Because the term "outpatient" refers only to the amount of time a patient stays in the hospital or treatment facility, there are outpatient procedures for every different specialty in medicine. Generally though, there are four different divisions of outpatient procedures that are based on where in the timeline of treatment they're practiced. These divisions include:
- Preventative outpatient procedures include mostly counseling and educational services like childbirth and wellness classes, consultations with a nutritionist, or ongoing counseling involving the maintenance of a chronic condition.
- Diagnostic outpatient procedures involve blood tests, prenatal testing, X-rays, MRIs and sleep disorder testing.

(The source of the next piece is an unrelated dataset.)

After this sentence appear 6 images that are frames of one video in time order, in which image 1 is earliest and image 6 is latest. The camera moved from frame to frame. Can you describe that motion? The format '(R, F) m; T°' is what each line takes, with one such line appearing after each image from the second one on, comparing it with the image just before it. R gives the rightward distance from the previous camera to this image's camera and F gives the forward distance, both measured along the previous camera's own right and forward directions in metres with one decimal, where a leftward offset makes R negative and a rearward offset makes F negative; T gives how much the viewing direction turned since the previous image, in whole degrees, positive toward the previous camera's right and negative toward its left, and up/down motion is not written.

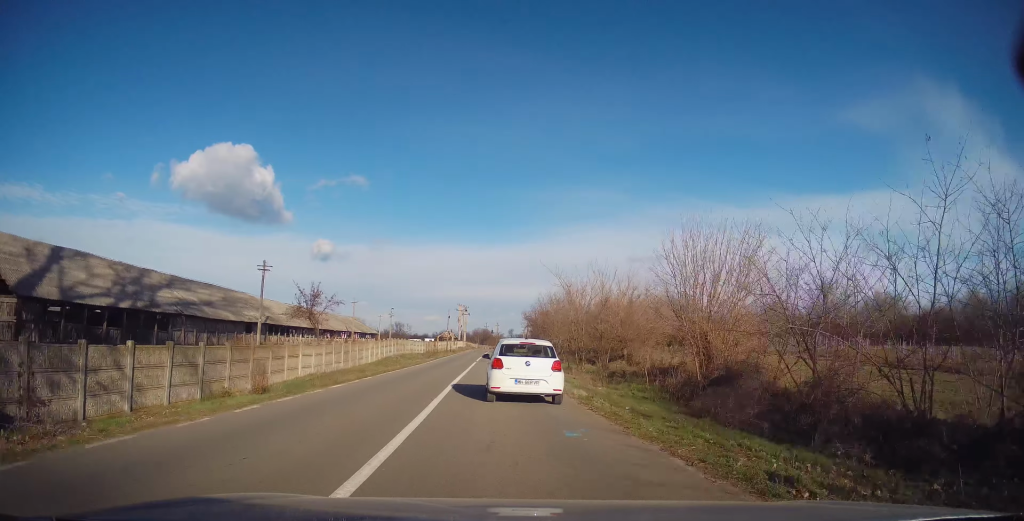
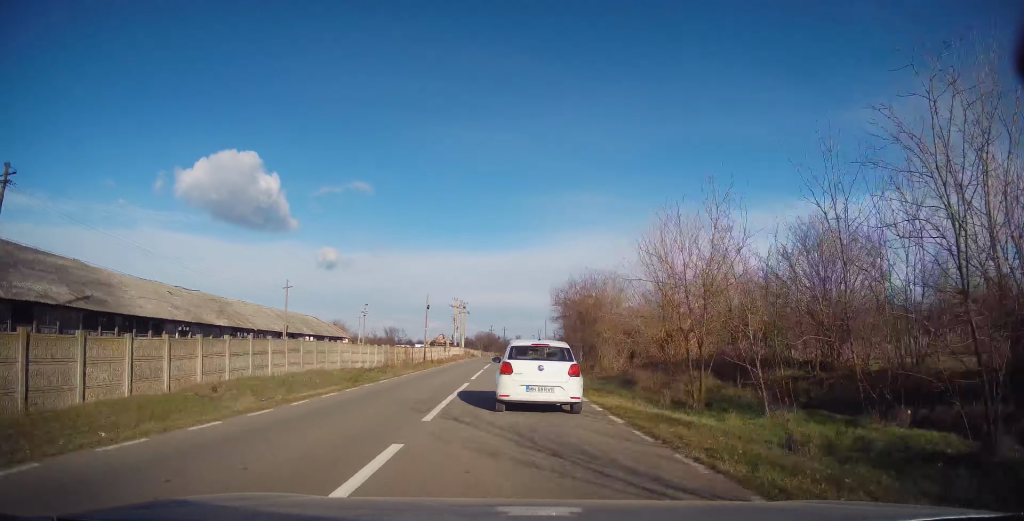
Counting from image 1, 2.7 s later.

- Outpatient treatment procedures are by far the most utilized outpatient services. This category ranges from the simple visit to the orthopedist to put a cast on your broken arm to acupuncture or chiropractic treatment, or even outpatient surgeries like cataract removal, hip replacement, nose jobs and laser vision correction.
- Outpatient procedures involving rehabilitation are designed to incorporate both the physical and psychological needs of a patient after a treatment. For example, outpatient rehabilitation includes physical therapy to regain or improve movement and flexibility of the body but also deals with the new frustrations of limited mobility. This category also includes psychological services, like therapy for addiction or anger management, as well as therapy for developmental disorders like autism.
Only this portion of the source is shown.